# Hedgehog Cleanliness



## Mcliu (Apr 1, 2009)

I noticed that everytime my hedgehog is done pooping, she tries to cover it up with bedding. If there isnt bedding, she will start scratching the floor in an attemp to cover it up. Does anyone elses hedgehog do this strange behavior? I find it cute =)


----------



## sagesmommy (Sep 25, 2008)

That is cute! Mine just keeps walking! I do not know if this is normal or not , but I don't see how it could be harmful.


----------



## Nancy (Aug 22, 2008)

I have couple that will do that.

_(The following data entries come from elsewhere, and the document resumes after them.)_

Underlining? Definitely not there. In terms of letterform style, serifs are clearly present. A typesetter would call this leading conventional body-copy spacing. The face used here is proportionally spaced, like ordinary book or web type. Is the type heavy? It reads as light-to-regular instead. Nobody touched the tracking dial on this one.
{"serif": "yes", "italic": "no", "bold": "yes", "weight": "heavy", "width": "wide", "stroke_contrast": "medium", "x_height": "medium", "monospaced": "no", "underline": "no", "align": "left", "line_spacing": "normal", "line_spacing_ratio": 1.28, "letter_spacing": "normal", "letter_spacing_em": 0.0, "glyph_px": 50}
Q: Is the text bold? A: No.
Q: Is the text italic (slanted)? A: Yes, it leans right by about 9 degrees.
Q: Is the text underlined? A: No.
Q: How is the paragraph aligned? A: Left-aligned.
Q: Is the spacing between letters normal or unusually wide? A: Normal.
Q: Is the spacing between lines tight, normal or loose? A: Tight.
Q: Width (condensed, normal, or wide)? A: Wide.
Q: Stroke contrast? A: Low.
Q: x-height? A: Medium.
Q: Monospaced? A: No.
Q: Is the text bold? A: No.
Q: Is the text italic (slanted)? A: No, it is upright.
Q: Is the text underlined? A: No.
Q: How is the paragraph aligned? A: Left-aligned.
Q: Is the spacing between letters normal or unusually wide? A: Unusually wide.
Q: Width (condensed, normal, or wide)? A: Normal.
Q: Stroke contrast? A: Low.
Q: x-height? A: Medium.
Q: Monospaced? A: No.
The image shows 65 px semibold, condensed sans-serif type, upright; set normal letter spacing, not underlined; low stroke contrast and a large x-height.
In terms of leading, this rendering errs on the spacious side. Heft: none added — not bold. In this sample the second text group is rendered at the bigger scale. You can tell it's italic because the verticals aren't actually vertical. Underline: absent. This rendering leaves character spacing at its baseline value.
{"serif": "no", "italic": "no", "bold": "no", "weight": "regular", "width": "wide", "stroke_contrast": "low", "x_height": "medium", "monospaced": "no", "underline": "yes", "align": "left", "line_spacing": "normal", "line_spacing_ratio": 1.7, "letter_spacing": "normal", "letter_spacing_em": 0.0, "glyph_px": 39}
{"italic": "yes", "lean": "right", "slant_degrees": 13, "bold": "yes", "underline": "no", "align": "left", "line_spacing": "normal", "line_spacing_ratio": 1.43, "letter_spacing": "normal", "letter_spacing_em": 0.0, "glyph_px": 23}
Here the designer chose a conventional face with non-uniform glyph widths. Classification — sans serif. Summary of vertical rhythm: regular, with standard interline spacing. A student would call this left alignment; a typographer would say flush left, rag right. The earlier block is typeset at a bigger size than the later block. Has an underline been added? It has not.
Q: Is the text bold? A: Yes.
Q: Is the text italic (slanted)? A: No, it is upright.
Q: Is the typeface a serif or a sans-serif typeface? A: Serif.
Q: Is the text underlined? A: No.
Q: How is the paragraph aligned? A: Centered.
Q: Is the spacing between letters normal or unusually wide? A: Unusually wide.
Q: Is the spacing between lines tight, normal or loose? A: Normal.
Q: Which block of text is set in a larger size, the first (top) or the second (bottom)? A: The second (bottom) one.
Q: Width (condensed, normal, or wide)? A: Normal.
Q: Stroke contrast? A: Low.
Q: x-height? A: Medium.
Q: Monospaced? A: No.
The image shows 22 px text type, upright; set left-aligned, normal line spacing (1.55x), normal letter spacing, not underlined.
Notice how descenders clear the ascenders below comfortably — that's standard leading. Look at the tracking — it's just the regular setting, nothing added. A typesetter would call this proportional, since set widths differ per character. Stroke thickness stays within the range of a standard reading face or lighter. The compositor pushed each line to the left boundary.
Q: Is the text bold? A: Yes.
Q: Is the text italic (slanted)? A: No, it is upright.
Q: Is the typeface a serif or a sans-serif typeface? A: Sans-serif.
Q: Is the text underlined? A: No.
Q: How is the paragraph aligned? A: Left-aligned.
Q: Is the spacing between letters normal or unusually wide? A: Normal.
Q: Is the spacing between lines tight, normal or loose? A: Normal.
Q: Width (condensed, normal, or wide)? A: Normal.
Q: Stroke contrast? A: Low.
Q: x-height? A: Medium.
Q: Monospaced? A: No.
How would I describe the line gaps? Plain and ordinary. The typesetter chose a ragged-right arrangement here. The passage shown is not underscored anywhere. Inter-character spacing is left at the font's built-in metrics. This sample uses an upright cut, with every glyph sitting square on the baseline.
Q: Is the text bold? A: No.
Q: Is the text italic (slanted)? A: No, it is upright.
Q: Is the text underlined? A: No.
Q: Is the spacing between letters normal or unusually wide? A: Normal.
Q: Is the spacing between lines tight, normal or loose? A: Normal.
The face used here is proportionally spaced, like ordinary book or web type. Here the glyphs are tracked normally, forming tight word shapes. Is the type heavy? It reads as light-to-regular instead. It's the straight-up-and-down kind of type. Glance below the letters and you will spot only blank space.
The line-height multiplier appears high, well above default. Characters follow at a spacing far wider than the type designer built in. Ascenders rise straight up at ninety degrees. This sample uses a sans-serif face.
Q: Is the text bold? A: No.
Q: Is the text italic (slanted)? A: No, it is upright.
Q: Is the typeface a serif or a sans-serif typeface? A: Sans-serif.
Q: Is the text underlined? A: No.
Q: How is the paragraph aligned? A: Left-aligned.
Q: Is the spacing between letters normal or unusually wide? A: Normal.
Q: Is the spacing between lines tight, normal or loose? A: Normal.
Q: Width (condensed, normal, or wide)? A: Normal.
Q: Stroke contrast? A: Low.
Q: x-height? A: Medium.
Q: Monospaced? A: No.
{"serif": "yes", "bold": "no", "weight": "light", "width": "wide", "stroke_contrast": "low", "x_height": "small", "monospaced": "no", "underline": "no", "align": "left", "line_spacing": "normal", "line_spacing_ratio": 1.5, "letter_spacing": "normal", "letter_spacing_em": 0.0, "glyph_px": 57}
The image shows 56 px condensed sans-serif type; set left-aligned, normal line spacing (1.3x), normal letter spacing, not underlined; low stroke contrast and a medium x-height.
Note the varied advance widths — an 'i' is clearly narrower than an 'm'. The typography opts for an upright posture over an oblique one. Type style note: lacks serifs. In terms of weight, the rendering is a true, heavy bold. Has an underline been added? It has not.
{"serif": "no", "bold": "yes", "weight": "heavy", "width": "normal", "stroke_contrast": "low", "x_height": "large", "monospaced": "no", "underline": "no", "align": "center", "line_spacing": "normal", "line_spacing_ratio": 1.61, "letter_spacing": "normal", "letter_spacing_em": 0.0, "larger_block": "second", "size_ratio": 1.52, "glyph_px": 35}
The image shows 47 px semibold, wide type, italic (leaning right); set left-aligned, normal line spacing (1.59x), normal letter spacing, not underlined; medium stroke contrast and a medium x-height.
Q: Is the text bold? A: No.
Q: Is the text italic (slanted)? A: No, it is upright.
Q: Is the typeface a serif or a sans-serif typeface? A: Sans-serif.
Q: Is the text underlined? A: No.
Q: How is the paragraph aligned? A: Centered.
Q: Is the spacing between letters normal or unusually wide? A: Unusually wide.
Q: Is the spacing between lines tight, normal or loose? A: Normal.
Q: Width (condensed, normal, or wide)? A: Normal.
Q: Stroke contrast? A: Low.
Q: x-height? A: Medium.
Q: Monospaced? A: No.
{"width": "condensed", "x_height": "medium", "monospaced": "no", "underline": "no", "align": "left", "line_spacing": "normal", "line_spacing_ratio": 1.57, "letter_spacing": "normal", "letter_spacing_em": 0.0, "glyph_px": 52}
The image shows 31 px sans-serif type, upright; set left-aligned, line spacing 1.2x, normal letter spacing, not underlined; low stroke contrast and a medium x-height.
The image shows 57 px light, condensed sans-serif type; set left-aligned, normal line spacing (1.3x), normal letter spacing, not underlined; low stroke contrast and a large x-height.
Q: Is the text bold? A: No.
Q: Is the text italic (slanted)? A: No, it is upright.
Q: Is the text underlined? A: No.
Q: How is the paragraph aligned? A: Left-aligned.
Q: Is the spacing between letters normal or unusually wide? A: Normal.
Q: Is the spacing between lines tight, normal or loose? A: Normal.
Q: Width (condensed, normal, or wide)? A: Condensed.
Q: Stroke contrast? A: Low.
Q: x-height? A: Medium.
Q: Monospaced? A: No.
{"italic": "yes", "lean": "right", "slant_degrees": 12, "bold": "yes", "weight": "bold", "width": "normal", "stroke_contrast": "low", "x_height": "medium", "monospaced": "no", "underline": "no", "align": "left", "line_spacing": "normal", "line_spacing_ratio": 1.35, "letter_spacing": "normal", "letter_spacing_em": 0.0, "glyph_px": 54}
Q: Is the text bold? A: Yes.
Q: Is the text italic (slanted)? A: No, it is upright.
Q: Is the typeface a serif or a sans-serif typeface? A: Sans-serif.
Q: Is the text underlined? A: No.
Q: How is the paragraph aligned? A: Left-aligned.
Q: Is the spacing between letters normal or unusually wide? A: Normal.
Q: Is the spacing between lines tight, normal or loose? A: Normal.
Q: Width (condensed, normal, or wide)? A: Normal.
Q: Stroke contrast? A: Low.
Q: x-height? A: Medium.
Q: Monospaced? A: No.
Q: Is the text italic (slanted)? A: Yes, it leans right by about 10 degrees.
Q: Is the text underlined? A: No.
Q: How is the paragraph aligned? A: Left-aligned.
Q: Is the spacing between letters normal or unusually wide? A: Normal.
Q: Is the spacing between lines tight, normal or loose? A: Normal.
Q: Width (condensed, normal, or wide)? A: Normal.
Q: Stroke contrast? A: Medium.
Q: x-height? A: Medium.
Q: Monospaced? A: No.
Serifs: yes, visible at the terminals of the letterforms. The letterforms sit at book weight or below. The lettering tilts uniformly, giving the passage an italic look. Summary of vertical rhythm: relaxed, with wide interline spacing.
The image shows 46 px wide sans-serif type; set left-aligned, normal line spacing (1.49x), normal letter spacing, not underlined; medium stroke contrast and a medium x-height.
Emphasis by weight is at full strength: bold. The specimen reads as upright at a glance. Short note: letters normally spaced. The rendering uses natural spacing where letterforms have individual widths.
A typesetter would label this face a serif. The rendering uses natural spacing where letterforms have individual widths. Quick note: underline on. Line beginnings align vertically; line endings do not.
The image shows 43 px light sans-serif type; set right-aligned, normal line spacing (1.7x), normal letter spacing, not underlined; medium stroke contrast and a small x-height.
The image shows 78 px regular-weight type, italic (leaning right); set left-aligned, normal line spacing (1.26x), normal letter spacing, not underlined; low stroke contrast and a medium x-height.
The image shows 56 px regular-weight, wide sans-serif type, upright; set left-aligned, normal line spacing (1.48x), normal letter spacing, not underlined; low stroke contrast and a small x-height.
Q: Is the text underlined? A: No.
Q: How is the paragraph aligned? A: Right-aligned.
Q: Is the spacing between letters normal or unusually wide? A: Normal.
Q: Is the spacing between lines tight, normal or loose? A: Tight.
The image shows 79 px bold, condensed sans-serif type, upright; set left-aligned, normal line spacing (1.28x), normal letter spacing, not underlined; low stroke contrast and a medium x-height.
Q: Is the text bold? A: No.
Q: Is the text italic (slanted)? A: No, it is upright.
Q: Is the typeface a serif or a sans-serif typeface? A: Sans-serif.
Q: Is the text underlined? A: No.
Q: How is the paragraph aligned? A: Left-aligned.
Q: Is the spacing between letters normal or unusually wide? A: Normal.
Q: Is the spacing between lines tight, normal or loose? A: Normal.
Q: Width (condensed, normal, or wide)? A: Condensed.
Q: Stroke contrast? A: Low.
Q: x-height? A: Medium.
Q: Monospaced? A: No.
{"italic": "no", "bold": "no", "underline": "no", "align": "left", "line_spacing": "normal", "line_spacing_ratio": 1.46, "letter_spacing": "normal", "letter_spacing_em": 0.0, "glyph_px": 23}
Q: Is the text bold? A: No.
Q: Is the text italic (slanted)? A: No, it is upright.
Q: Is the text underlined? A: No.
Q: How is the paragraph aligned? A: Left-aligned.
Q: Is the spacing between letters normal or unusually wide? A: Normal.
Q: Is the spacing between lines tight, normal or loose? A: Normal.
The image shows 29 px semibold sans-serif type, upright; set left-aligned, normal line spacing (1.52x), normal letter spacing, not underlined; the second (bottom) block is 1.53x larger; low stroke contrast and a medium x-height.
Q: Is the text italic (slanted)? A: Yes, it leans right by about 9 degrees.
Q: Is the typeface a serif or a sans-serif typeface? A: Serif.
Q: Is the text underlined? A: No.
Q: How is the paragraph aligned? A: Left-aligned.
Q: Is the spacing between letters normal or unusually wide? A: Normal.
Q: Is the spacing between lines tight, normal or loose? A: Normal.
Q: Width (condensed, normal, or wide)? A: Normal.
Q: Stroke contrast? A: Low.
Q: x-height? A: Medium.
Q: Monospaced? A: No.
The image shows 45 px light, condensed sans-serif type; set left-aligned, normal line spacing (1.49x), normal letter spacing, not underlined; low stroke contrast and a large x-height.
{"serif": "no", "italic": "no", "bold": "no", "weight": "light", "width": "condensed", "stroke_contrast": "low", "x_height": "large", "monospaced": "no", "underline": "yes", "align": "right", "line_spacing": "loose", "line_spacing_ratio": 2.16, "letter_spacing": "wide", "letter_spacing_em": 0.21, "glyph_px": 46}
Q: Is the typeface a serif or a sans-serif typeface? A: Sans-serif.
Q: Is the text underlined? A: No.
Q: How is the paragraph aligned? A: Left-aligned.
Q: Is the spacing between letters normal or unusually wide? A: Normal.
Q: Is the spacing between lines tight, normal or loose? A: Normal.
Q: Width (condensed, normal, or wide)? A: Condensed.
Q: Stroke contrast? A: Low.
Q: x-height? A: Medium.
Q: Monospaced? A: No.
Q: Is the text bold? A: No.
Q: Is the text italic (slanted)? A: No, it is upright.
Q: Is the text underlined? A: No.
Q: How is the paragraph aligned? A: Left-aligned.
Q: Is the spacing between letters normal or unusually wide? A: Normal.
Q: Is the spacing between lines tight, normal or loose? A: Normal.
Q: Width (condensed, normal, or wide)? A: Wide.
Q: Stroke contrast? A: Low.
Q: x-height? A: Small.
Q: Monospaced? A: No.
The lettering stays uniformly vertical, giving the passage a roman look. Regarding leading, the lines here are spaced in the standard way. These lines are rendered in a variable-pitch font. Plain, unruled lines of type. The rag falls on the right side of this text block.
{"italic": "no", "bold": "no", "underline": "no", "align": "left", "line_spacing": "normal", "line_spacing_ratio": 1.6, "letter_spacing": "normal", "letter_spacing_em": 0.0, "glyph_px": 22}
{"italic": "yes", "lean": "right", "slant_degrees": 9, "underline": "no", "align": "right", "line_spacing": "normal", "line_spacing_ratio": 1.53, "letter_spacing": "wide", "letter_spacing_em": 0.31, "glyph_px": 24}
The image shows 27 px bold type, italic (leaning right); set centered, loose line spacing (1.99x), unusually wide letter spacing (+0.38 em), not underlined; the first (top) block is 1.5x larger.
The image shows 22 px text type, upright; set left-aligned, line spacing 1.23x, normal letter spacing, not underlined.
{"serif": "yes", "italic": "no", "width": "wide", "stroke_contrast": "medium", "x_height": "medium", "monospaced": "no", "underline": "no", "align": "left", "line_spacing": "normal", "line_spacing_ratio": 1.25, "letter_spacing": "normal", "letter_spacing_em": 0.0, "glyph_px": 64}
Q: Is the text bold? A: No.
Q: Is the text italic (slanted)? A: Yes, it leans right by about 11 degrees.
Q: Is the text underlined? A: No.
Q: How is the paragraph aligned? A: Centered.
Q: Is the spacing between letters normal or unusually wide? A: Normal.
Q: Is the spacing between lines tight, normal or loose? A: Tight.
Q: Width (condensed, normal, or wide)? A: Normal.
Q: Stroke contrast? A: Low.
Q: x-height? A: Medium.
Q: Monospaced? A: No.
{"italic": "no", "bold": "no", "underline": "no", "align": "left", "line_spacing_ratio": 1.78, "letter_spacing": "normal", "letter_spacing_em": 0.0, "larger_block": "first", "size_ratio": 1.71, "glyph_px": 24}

Unfortunately, it's the ones who won't use any type of loose litter that they would be able to use to cover it. :?


----------



## smhufflepuff (Aug 28, 2008)

Heehee... mine does that when she's in my hands (I hold her over her litter box when she goes... she refuses to go in the box on her own). Poop, poop, poop, dig on hedgiemommy's hands, run from one hand to the next... It is cute.

I had always figured it was because she was treating my hands like her wheel and wanted the "wheel" to start up again so she could run after she was done. But now I'm thinking maybe it's reflecting an instinct to scratch at the ground where the dirt is supposed to be to try and cover her waste. Ohhh... my tiny prickly puppy


----------